Work item
The listing below should be written out again word for word, please.

Records for the exercise
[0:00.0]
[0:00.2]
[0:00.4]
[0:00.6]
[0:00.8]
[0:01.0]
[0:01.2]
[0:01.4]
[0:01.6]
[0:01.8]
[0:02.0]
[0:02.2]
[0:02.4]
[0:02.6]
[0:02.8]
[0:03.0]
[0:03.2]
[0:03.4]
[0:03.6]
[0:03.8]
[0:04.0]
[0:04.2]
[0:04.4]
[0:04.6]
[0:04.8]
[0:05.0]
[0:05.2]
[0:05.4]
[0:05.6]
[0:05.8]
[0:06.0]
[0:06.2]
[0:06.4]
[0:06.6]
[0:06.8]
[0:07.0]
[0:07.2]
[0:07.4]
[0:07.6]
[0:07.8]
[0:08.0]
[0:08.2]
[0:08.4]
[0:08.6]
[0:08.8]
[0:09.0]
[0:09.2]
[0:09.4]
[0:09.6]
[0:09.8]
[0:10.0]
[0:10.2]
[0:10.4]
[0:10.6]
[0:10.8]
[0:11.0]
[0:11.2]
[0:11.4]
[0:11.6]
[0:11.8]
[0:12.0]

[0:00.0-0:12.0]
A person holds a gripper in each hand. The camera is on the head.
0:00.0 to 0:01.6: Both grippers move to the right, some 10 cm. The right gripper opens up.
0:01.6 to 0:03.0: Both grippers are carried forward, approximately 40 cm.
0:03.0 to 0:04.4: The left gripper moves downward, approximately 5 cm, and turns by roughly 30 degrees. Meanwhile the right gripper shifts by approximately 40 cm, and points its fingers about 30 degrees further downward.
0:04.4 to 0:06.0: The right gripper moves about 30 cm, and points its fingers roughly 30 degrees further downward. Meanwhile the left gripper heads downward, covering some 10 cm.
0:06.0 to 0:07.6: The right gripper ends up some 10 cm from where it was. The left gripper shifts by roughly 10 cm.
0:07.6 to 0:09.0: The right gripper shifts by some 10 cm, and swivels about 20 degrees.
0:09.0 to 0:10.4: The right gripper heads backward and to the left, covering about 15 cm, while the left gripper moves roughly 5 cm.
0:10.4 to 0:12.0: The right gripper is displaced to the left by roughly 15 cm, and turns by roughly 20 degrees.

Expected output
[0:00.0]
[0:00.2]
[0:00.4]
[0:00.6]
[0:00.8]
[0:01.0]
[0:01.2]
[0:01.4]
[0:01.6]
[0:01.8]
[0:02.0]
[0:02.2]
[0:02.4]
[0:02.6]
[0:02.8]
[0:03.0]
[0:03.2]
[0:03.4]
[0:03.6]
[0:03.8]
[0:04.0]
[0:04.2]
[0:04.4]
[0:04.6]
[0:04.8]
[0:05.0]
[0:05.2]
[0:05.4]
[0:05.6]
[0:05.8]
[0:06.0]
[0:06.2]
[0:06.4]
[0:06.6]
[0:06.8]
[0:07.0]
[0:07.2]
[0:07.4]
[0:07.6]
[0:07.8]
[0:08.0]
[0:08.2]
[0:08.4]
[0:08.6]
[0:08.8]
[0:09.0]
[0:09.2]
[0:09.4]
[0:09.6]
[0:09.8]
[0:10.0]
[0:10.2]
[0:10.4]
[0:10.6]
[0:10.8]
[0:11.0]
[0:11.2]
[0:11.4]
[0:11.6]
[0:11.8]
[0:12.0]

[0:00.0-0:12.0]
A person holds a gripper in each hand. The camera is on the head.
0:00.0 to 0:01.6: Both grippers move to the right, some 10 cm. The right gripper opens up.
0:01.6 to 0:03.0: Both grippers are carried forward, approximately 40 cm.
0:03.0 to 0:04.4: The left gripper moves downward, approximately 5 cm, and turns by roughly 30 degrees. Meanwhile the right gripper shifts by approximately 40 cm, and points its fingers about 30 degrees further downward.
0:04.4 to 0:06.0: The right gripper moves about 30 cm, and points its fingers roughly 30 degrees further downward. Meanwhile the left gripper heads downward, covering some 10 cm.
0:06.0 to 0:07.6: The right gripper ends up some 10 cm from where it was. The left gripper shifts by roughly 10 cm.
0:07.6 to 0:09.0: The right gripper shifts by some 10 cm, and swivels about 20 degrees.
0:09.0 to 0:10.4: The right gripper heads backward and to the left, covering about 15 cm, while the left gripper moves roughly 5 cm.
0:10.4 to 0:12.0: The right gripper is displaced to the left by roughly 15 cm, and turns by roughly 20 degrees.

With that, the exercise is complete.